The development of an adverse drug reaction (ADR) is a common occurrence in the ICU. Estimates for the incidence of ADRs in ICU patients are variable and have been reported to be as high as 29.7 per 100 admissions in some medical centers. (1) As an indication of the global significance of this issue, the World Health Organization (2) has published the following definition of ADR: "Any noxious, unintended, and undesired effect of a drug, which occurs at doses used in humans for prophylaxis, diagnosis, or therapy.
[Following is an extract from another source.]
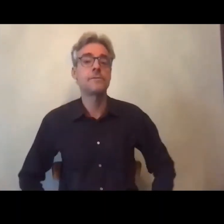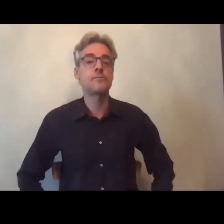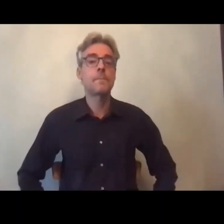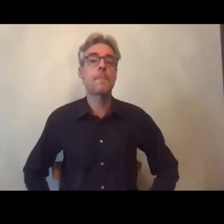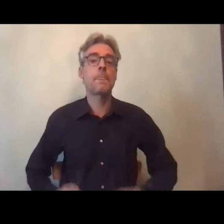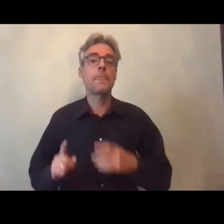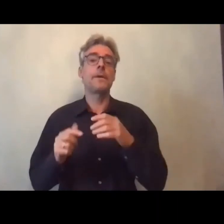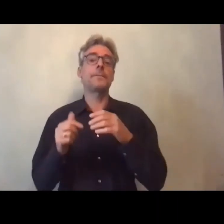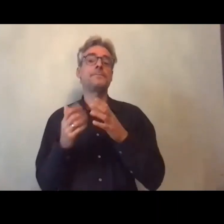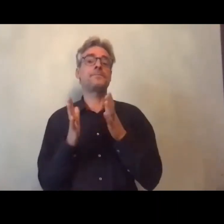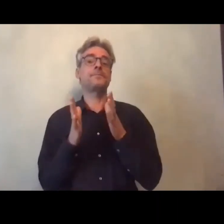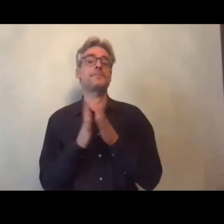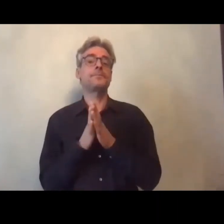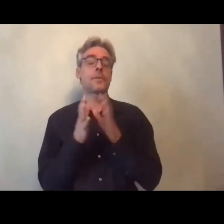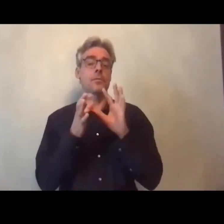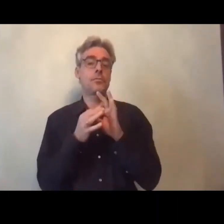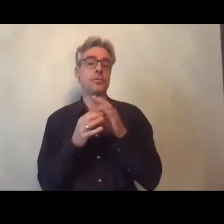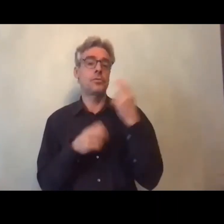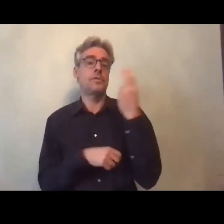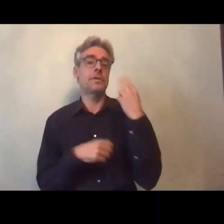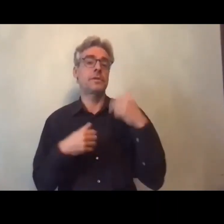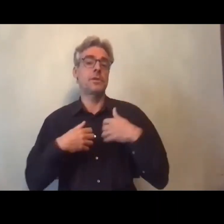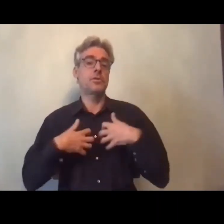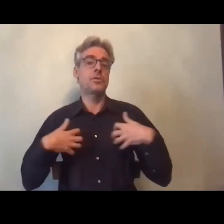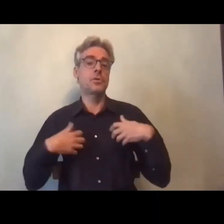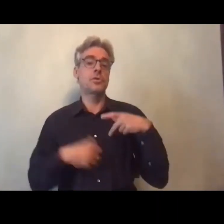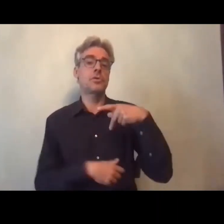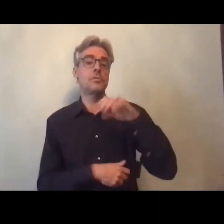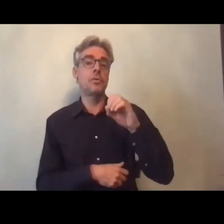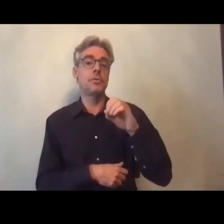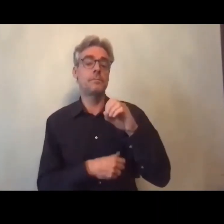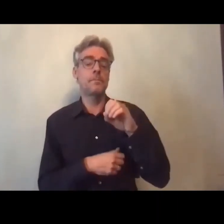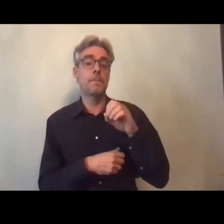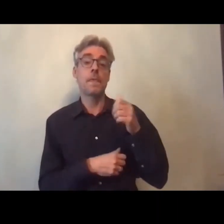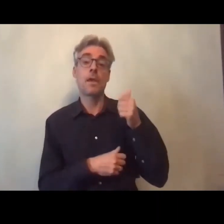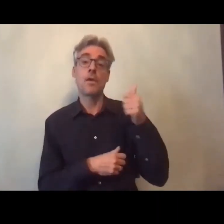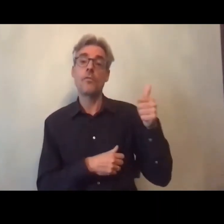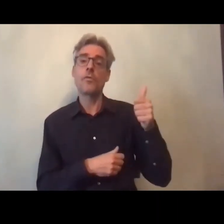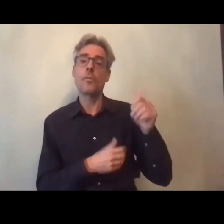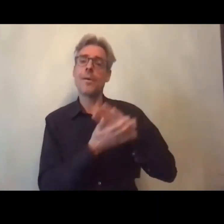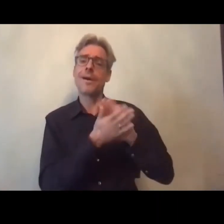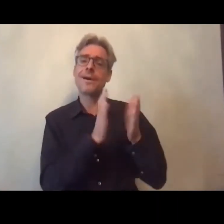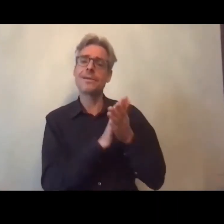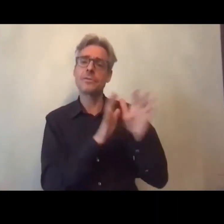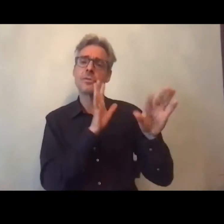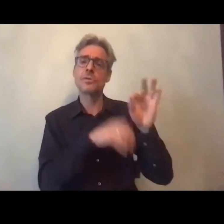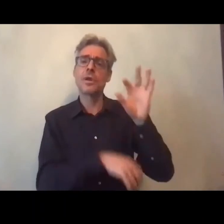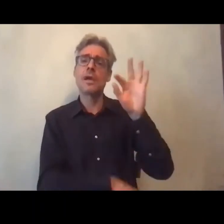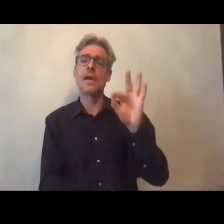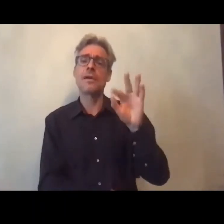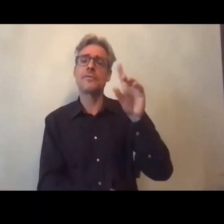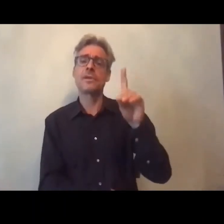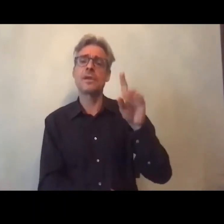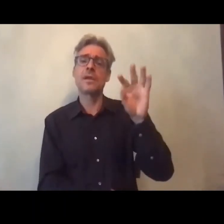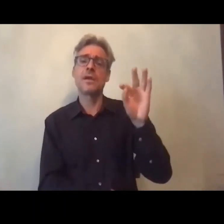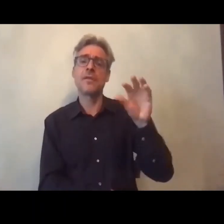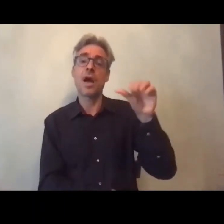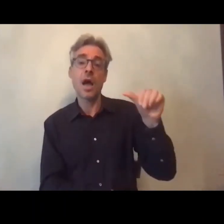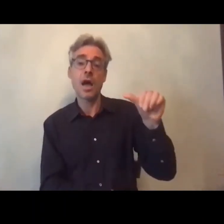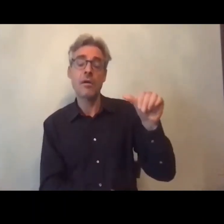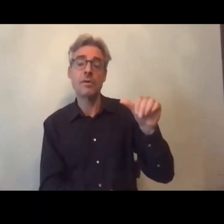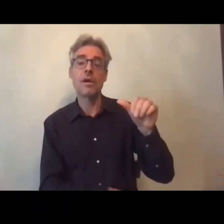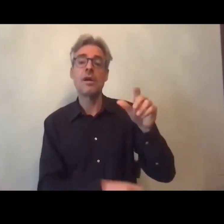avec Anne Revillard par l'équipe d'Anne Revillard vous êtes une des associations FDFA aux côtés d'autres associations je le disais

This excludes therapeutic failures, intentional or accidental poisoning or drug abuse, and adverse effects due to errors in administration or compliance." Prevention of adverse drug events and emphasizing patient safety are current priorities for the Joint Commission for the Accreditation of Health Care Organizations. (3) It is therefore essential for intensivists to understand the magnitude of the problem of ADR in the ICU, its prevalence, its predisposing factors, and methods to minimize it.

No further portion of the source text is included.